# Supplied records
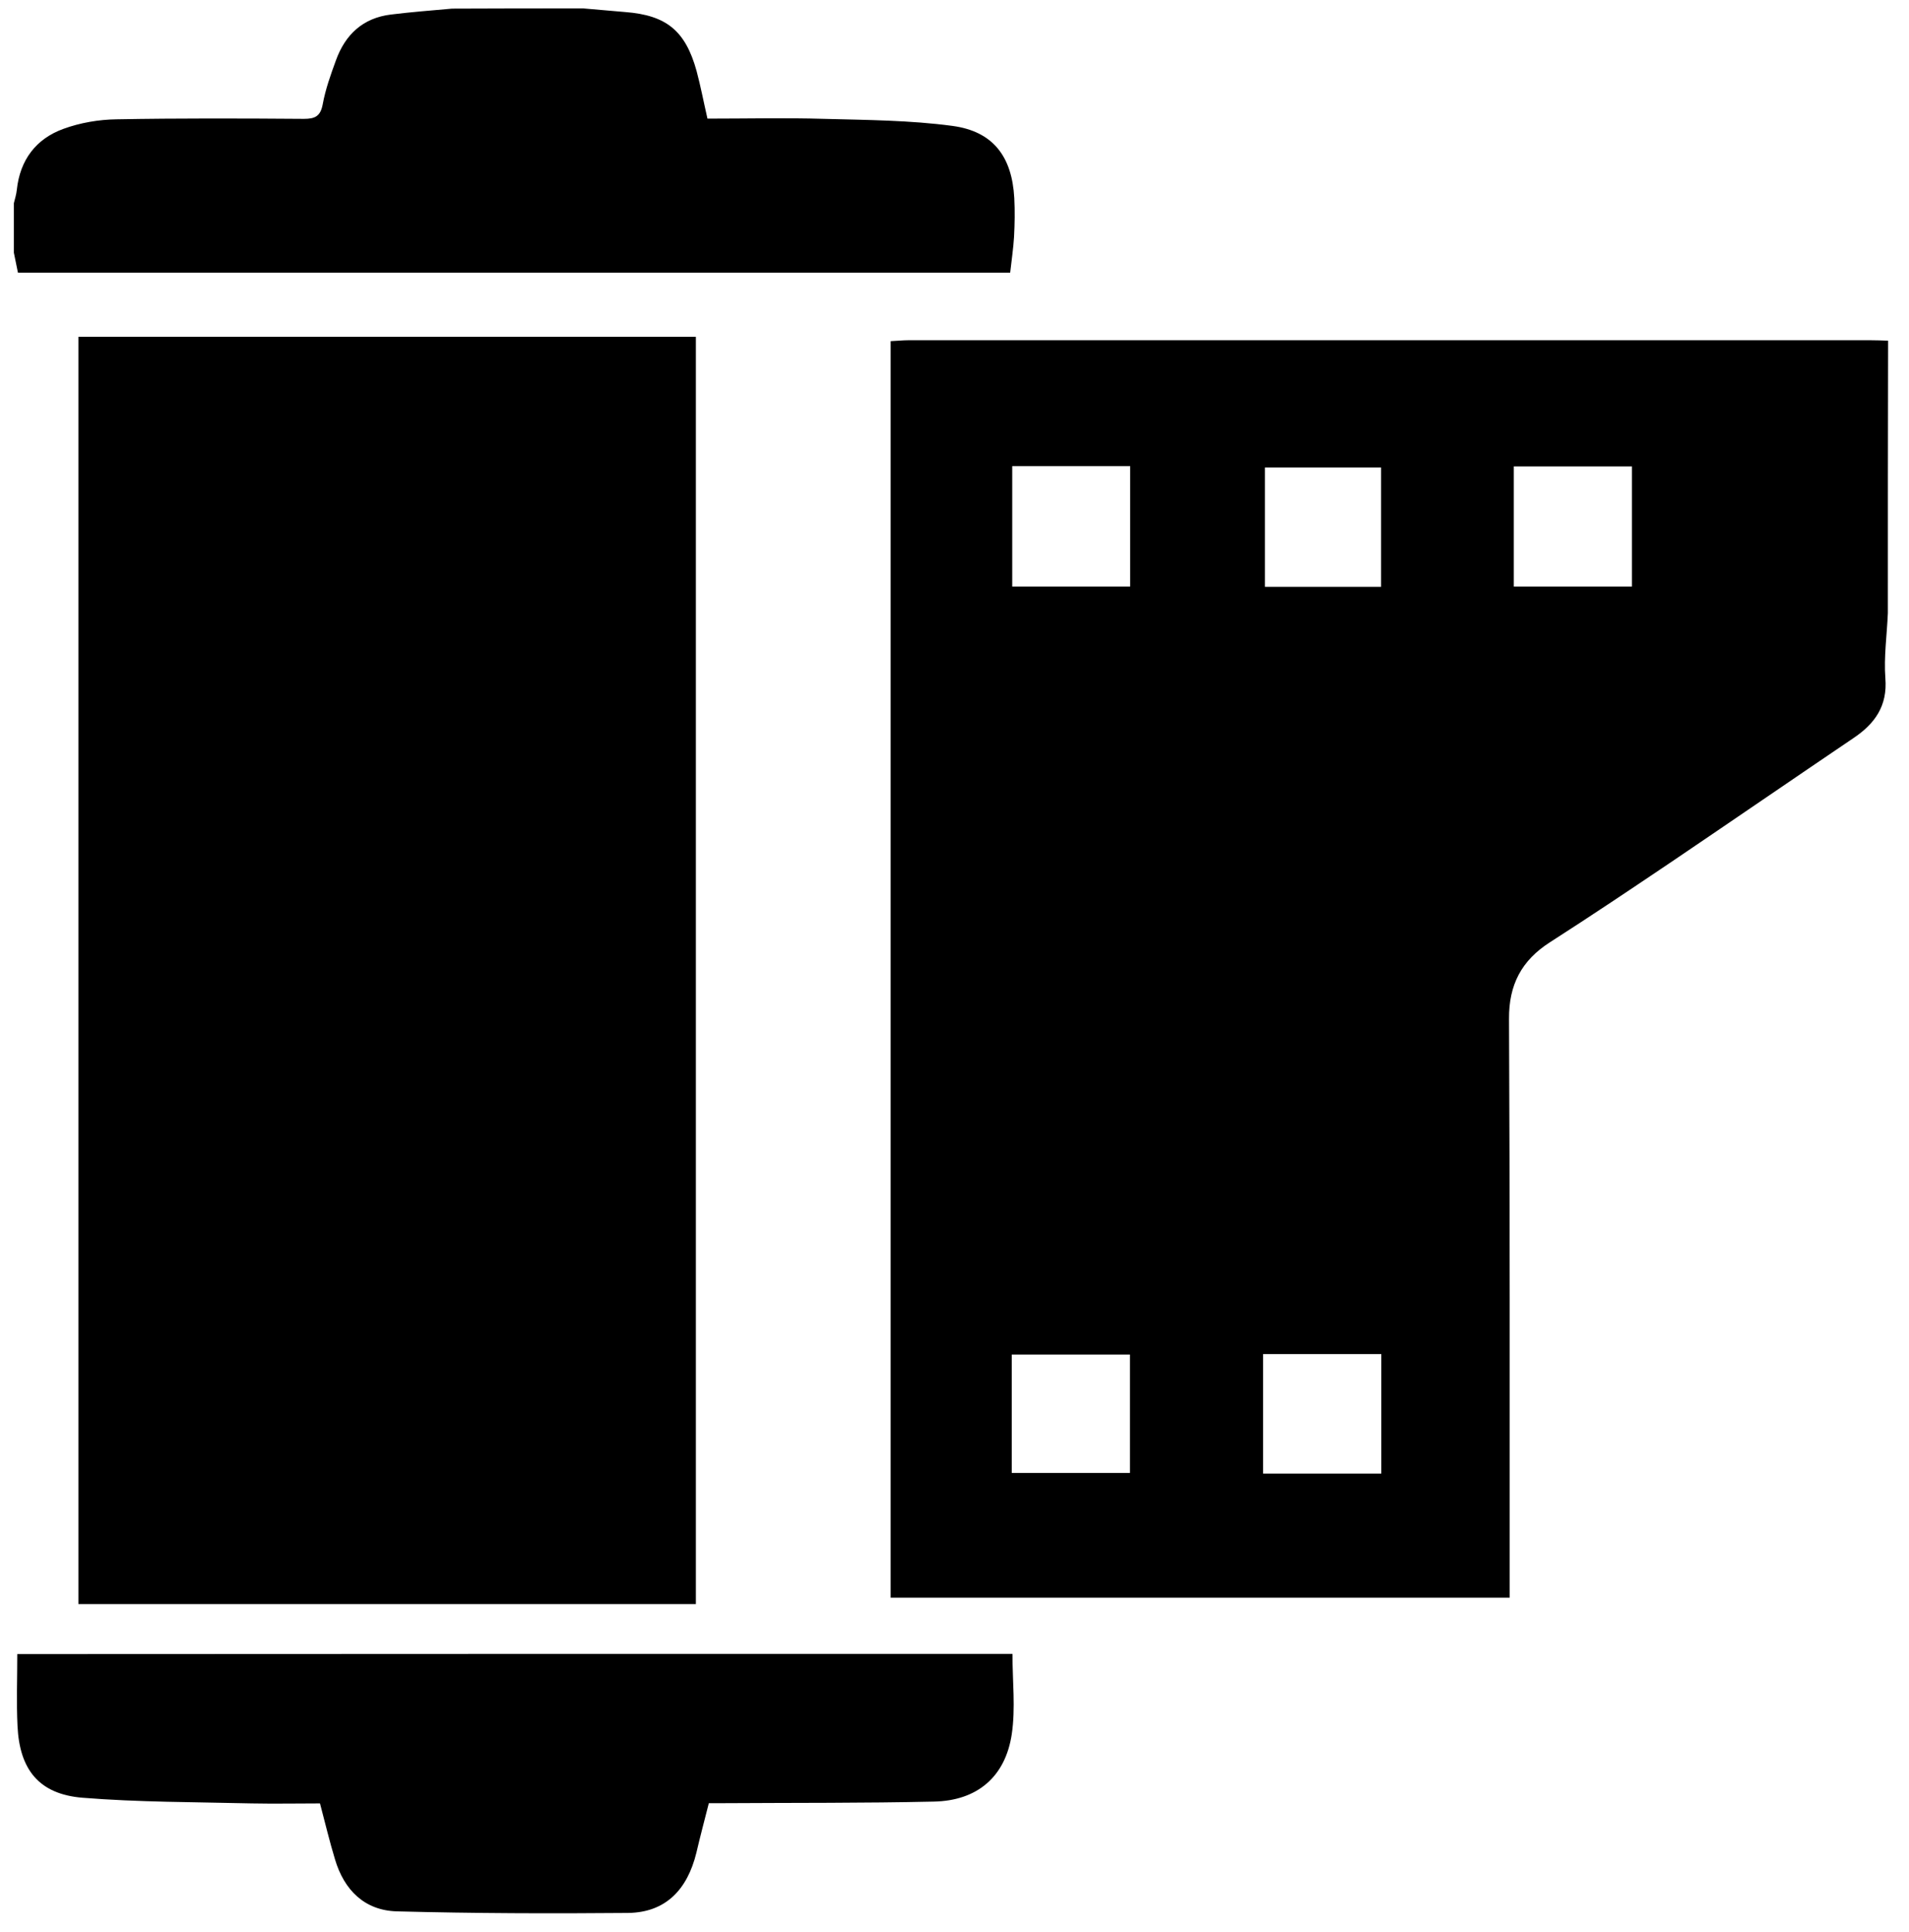 <svg width="84" height="85" viewBox="0 0 84 85" fill="none" xmlns="http://www.w3.org/2000/svg">
<path d="M83.07 26.98C83.03 27.93 82.89 28.9 82.96 29.84C83.06 31.07 82.49 31.85 81.55 32.48C78.89 34.28 76.24 36.1 73.58 37.9C71.8 39.1 70.01 40.3 68.2 41.46C66.95 42.26 66.39 43.33 66.4 44.83C66.44 53 66.43 61.17 66.43 69.34C66.43 69.64 66.43 69.95 66.43 70.3C57.32 70.3 48.28 70.3 39.19 70.3C39.19 51.86 39.19 33.47 39.19 15.01C39.47 15 39.72 14.97 39.98 14.97C54.09 14.97 68.19 14.97 82.3 14.97C82.56 14.97 82.82 14.98 83.08 14.99C83.07 18.99 83.07 22.98 83.07 26.98ZM49.73 20.51C47.96 20.51 46.26 20.51 44.54 20.51C44.54 22.3 44.54 24.04 44.54 25.81C46.29 25.81 47.99 25.81 49.73 25.81C49.73 24.03 49.73 22.31 49.73 20.51ZM71.81 25.81C71.81 24 71.81 22.26 71.81 20.52C70.03 20.52 68.32 20.52 66.61 20.52C66.61 22.31 66.61 24.04 66.61 25.81C68.34 25.81 70.04 25.81 71.81 25.81ZM60.78 64.84C60.78 63.05 60.78 61.33 60.78 59.58C59.02 59.58 57.31 59.58 55.58 59.58C55.58 61.36 55.58 63.08 55.58 64.84C57.31 64.84 59.01 64.84 60.78 64.84ZM49.72 64.81C49.72 63.05 49.72 61.33 49.72 59.6C47.95 59.6 46.23 59.6 44.52 59.6C44.52 61.38 44.52 63.1 44.52 64.81C46.29 64.81 48 64.81 49.72 64.81ZM60.77 20.57C59.05 20.57 57.38 20.57 55.66 20.57C55.66 22.34 55.66 24.06 55.66 25.82C57.39 25.82 59.06 25.82 60.77 25.82C60.77 24.07 60.77 22.37 60.77 20.57Z" fill="black"/>
<path d="M25.66 0.37C26.28 0.42 26.89 0.48 27.51 0.53C29.32 0.67 30.16 1.35 30.65 3.12C30.83 3.79 30.96 4.48 31.13 5.22C32.85 5.22 34.56 5.18 36.26 5.23C38.15 5.28 40.05 5.29 41.91 5.54C43.7 5.78 44.53 6.89 44.63 8.71C44.66 9.28 44.65 9.85 44.62 10.42C44.59 10.93 44.51 11.45 44.45 12C29.89 12 15.36 12 0.79 12C0.73 11.71 0.67 11.41 0.61 11.12C0.61 10.39 0.61 9.67 0.61 8.94C0.66 8.74 0.72 8.55 0.74 8.35C0.88 7.04 1.58 6.11 2.79 5.67C3.53 5.4 4.35 5.26 5.13 5.25C7.87 5.2 10.62 5.21 13.37 5.23C13.86 5.23 14.1 5.12 14.2 4.59C14.32 3.93 14.55 3.29 14.78 2.66C15.19 1.52 15.97 0.79 17.2 0.64C18.09 0.53 18.99 0.46 19.89 0.38C21.82 0.37 23.74 0.37 25.66 0.37Z" fill="black"/>
<path d="M3.45 14.82C12.54 14.82 21.55 14.82 30.62 14.82C30.62 33.42 30.62 51.97 30.62 70.58C21.57 70.58 12.53 70.58 3.45 70.58C3.45 52 3.45 33.45 3.45 14.82Z" fill="black"/>
<path d="M44.55 72.77C44.55 73.98 44.69 75.16 44.52 76.3C44.24 78.18 43 79.23 41.1 79.27C38.02 79.34 34.93 79.32 31.85 79.34C31.65 79.34 31.44 79.34 31.19 79.34C31 80.09 30.81 80.8 30.64 81.53C30.25 83.11 29.32 84.15 27.63 84.17C24.24 84.2 20.85 84.19 17.46 84.1C16.04 84.06 15.14 83.16 14.74 81.81C14.5 81.02 14.31 80.22 14.08 79.35C13.09 79.35 12.08 79.37 11.07 79.35C8.59 79.29 6.09 79.3 3.62 79.1C1.72 78.94 0.86 77.87 0.77 75.94C0.72 74.91 0.76 73.88 0.76 72.78C15.39 72.77 29.96 72.77 44.55 72.77Z" fill="black"/>
</svg>

# Problem statement
Would you please repeat the lines above exactly, from the first line of the listing through the line holding "26.98C83.03 27.93 82.89", with nothing added and no pictures?

# Answer box
 <svg width="84" height="85" viewBox="0 0 84 85" fill="none" xmlns="http://www.w3.org/2000/svg">
<path d="M83.07 26.98C83.03 27.93 82.89 28.9 82.96 29.84C83.06 31.07 82.49 31.85 81.55 32.48C78.89 34.28 76.24 36.1 73.58 37.9C71.8 39.1 70.01 40.3 68.2 41.46C66.95 42.26 66.39 43.33 66.4 44.83C66.44 53 66.43 61.17 66.43 69.34C66.43 69.64 66.43 69.95 66.43 70.3C57.32 70.3 48.28 70.3 39.19 70.3C39.19 51.86 39.19 33.47 39.19 15.01C39.47 15 39.72 14.97 39.98 14.97C54.09 14.97 68.19 14.97 82.3 14.97C82.56 14.97 82.82 14.98 83.08 14.99C83.07 18.99 83.07 22.98 83.07 26.98ZM49.73 20.51C47.96 20.51 46.26 20.51 44.54 20.51C44.54 22.3 44.54 24.04 44.54 25.81C46.29 25.81 47.99 25.81 49.73 25.81C49.73 24.03 49.73 22.31 49.73 20.51ZM71.81 25.81C71.81 24 71.81 22.26 71.81 20.52C70.03 20.52 68.32 20.52 66.61 20.52C66.61 22.31 66.61 24.04 66.61 25.81C68.34 25.81 70.04 25.81 71.81 25.81ZM60.78 64.84C60.78 63.05 60.78 61.33 60.78 59.58C59.02 59.58 57.31 59.58 55.58 59.58C55.58 61.36 55.58 63.08 55.58 64.84C57.31 64.84 59.01 64.84 60.78 64.84ZM49.72 64.81C49.72 63.05 49.72 61.33 49.72 59.6C47.95 59.6 46.23 59.6 44.52 59.6C44.52 61.38 44.52 63.1 44.52 64.81C46.29 64.81 48 64.81 49.72 64.81ZM60.77 20.57C59.05 20.57 57.38 20.57 55.66 20.57C55.66 22.34 55.66 24.06 55.66 25.82C57.39 25.82 59.06 25.82 60.77 25.82C60.77 24.07 60.77 22.37 60.77 20.57Z" fill="black"/>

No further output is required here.